The scale of ambition is undeniable. The funding will go toward projects in urban transport, housing, smart services, energy-efficient systems and multimodal connectivity - sectors that have long languished under inadequate investment and chronic delays. The lenders, including state-run power and housing finance agencies, have extended generous long-term lines of credit. The financial model, structured around a 20:80 equity-to-debt ratio, is designed to expedite delivery without unduly burdening public finances.


Yet Mumbai’s residents could be forgiven for reacting with cautious scepticism rather than celebration. MMRDA, for all its planning prowess and technocratic vision, has often struggled with implementation. Time and again, bold promises have dissolved into half-complete infrastructure and years-long delays.


Take the Mumbai Metro. First announced in 2006, the original master plan promised a comprehensive 146 km network by 2021. Nearly two decades on, only a fraction is operational. Monorail services, once pitched as a futuristic mobility solution, have been plagued by frequent breakdowns and questionable utility. Suburban rail and arterial roads remain chronically overburdened with no visible respite in sight.


The challenge is not ambition but execution. Securing debt is merely the beginning. Translating capital into concrete infrastructure requires institutional discipline, inter-agency coordination and political continuity - qualities that Mumbai’s urban governance ecosystem has too often lacked. Projects are delayed not just due to logistical complexity, but because of administrative opacity and overlapping jurisdictions.
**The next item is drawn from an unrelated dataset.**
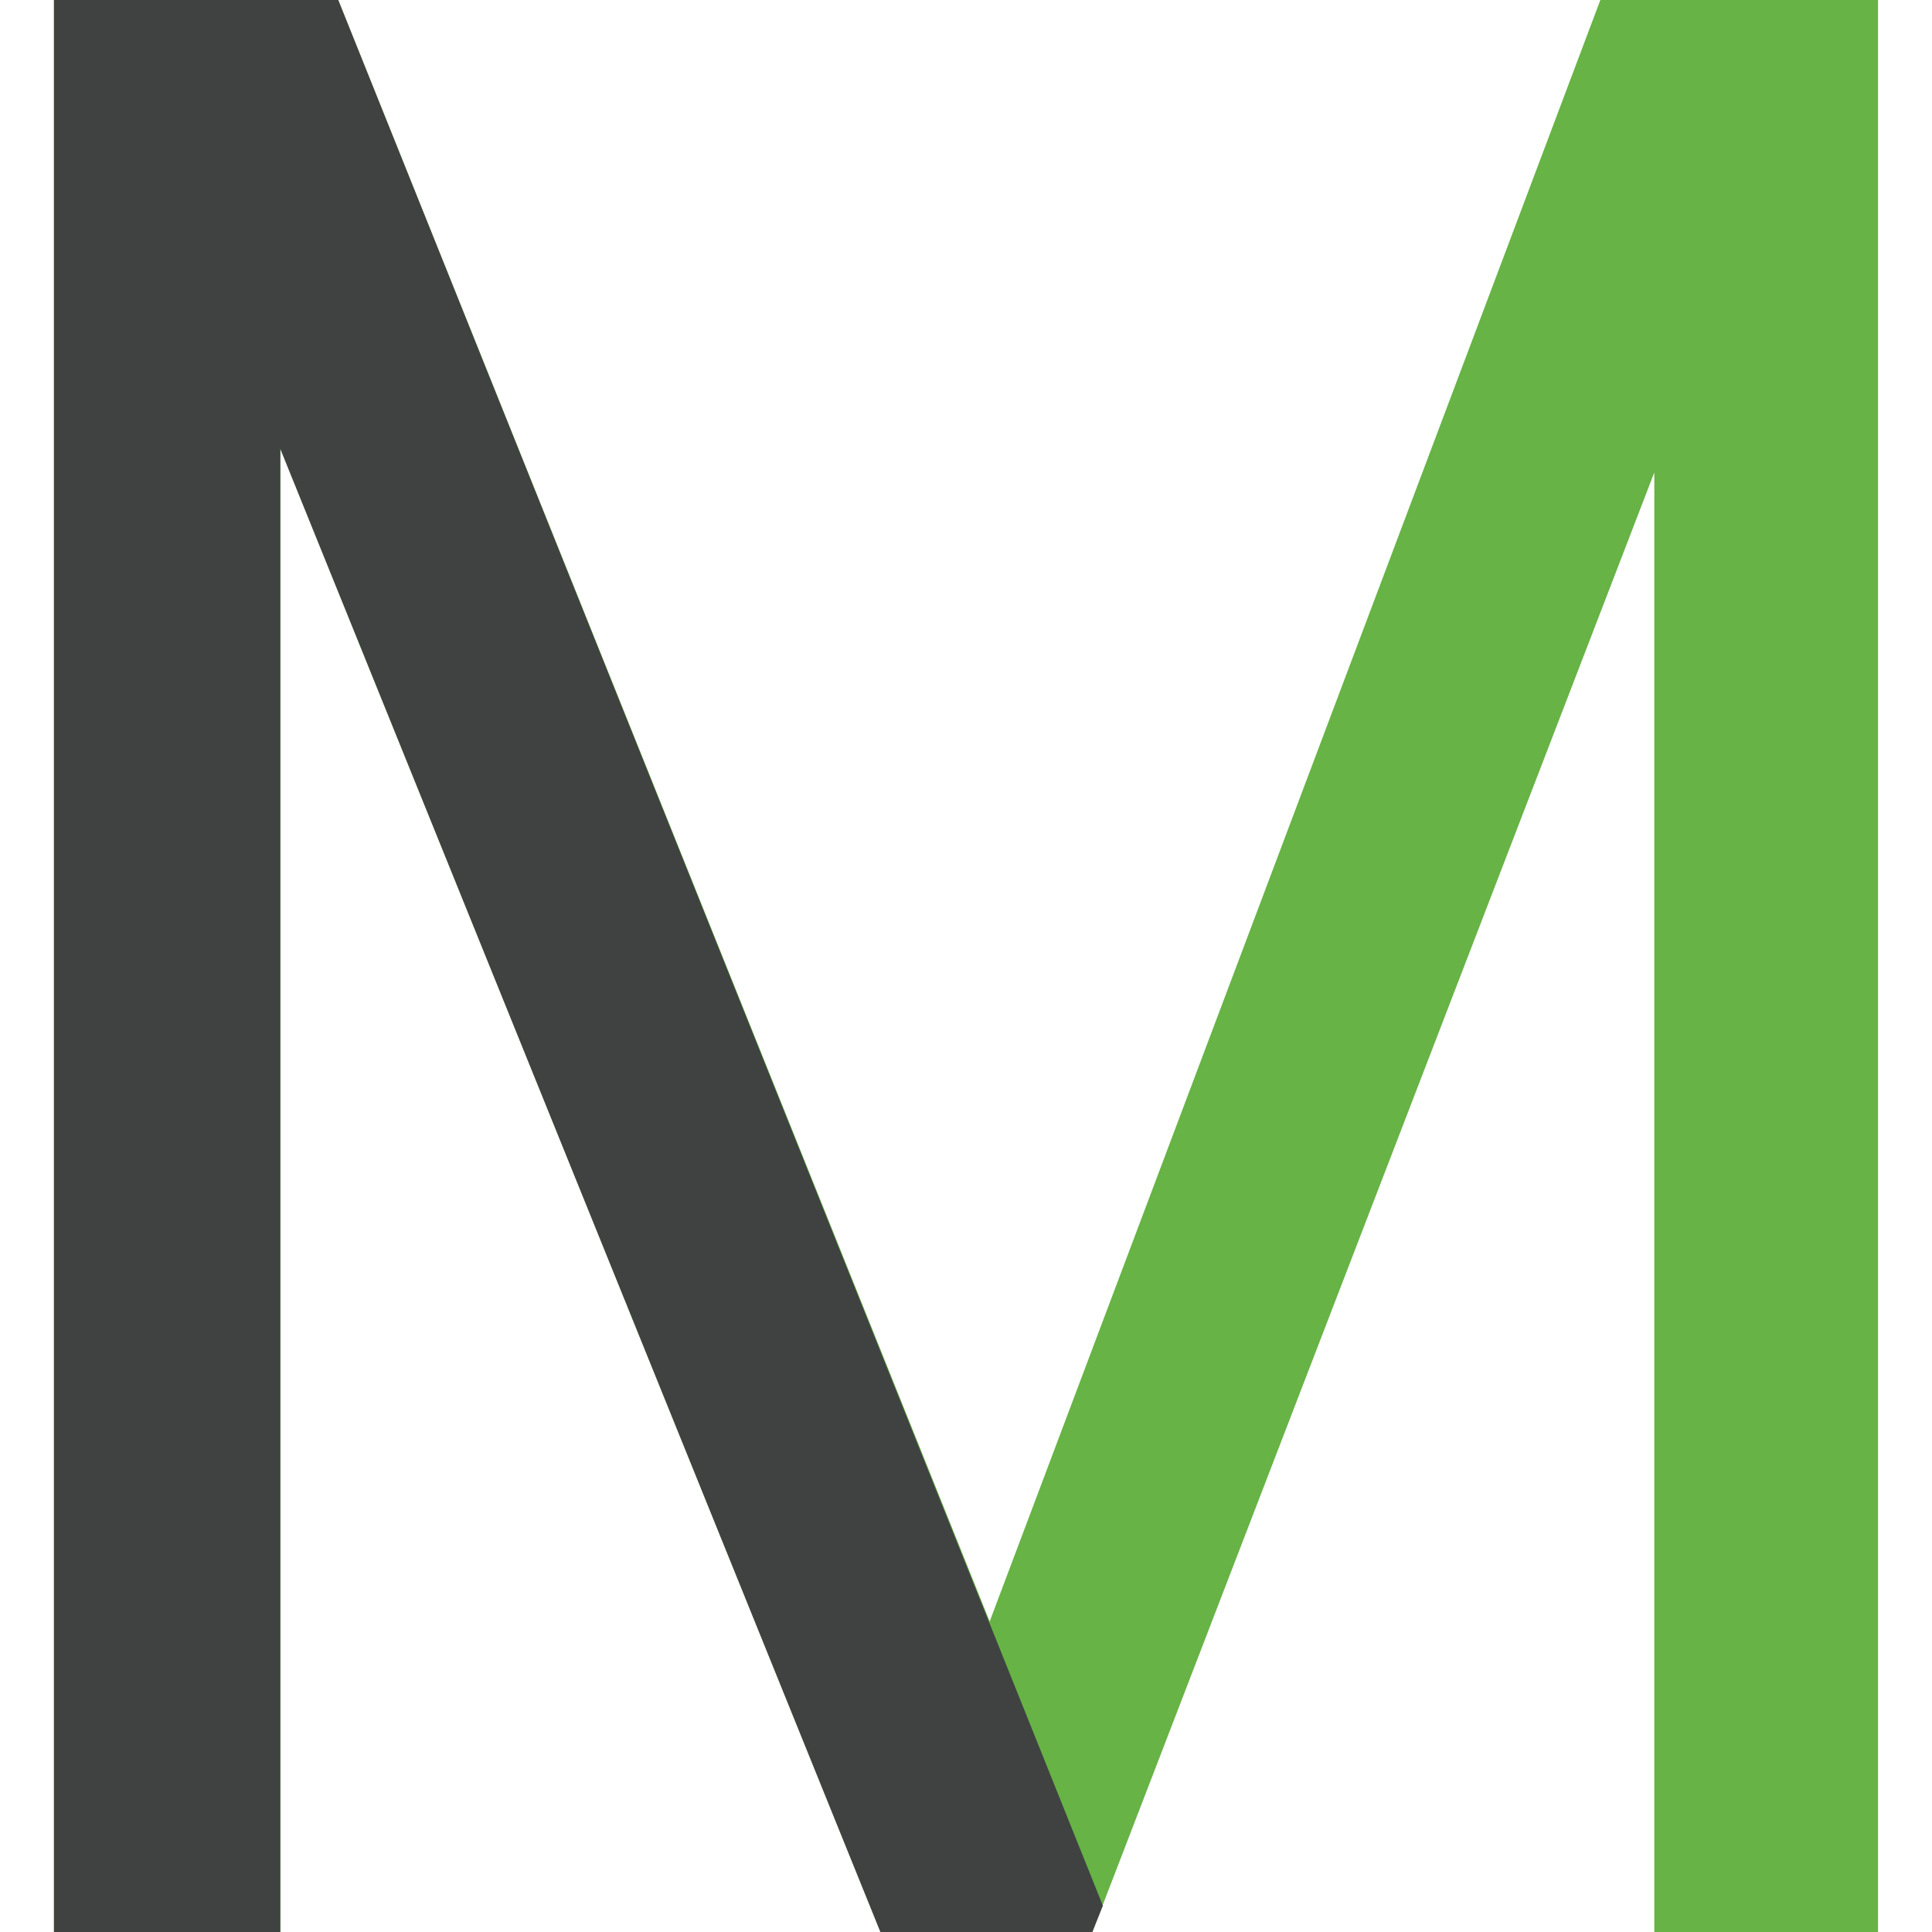 <svg xmlns="http://www.w3.org/2000/svg" width="14.68" height="14.68"><g data-name="Layer 1"><path fill="#67b346" d="M6.69 14.68H8.3l4.27-11.09v11.09h1.7V0h-2.11L7.52 12.32 2.57 0H.41v14.68h1.72V3.41z"/><path fill="#404241" d="M7.52 14.68h.78l.08-.2L2.57 0H.41v14.68h1.72V3.41l4.56 11.27z"/></g></svg>

There are also questions about repayment. The loans MMRDA has secured are substantial, but Indian cities have historically failed to monetise infrastructure assets effectively. Without clear mechanisms to generate long-term revenue, MMRDA could face mounting liabilities in future years. Moreover, the focus on marquee projects sometimes comes at the cost of fixing the basics. Pothole-ridden roads, outdated drainage systems and informal housing sprawl remain everyday realities for millions. Grand designs alone do not make a city liveable; functioning infrastructure does.


None of this is to suggest that MMRDA’s funding feat should be dismissed. The authority’s ability to marshal institutional finance at this scale is impressive, and the appetite for investing in urban India is clearly growing. But money must be matched by capacity. Without it, the Rs. 4 lakh crore will risk joining a long line of announcements that stirred hopes but delivered too little, too late.